> Exercise description
Copy every line of the records that includes the word "between".

> Task data
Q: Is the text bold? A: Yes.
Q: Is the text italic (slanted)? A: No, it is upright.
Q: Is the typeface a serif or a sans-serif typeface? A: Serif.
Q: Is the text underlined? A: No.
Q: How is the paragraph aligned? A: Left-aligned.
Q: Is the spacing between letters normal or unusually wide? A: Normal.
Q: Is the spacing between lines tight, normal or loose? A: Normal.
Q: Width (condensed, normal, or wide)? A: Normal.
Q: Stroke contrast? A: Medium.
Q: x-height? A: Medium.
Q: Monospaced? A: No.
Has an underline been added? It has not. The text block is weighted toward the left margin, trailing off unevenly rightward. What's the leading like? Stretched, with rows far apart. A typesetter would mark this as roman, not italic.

==

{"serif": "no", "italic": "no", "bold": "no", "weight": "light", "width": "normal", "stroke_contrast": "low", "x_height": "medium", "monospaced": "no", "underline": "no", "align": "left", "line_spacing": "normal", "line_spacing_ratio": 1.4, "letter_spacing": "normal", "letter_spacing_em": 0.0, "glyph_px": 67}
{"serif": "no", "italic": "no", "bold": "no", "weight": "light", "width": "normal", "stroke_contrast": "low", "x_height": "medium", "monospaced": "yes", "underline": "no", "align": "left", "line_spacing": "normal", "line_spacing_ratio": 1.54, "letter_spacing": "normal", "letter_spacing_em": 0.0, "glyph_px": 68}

> Solution to this exercise
Q: Is the spacing between letters normal or unusually wide? A: Normal.
Q: Is the spacing between lines tight, normal or loose? A: Normal.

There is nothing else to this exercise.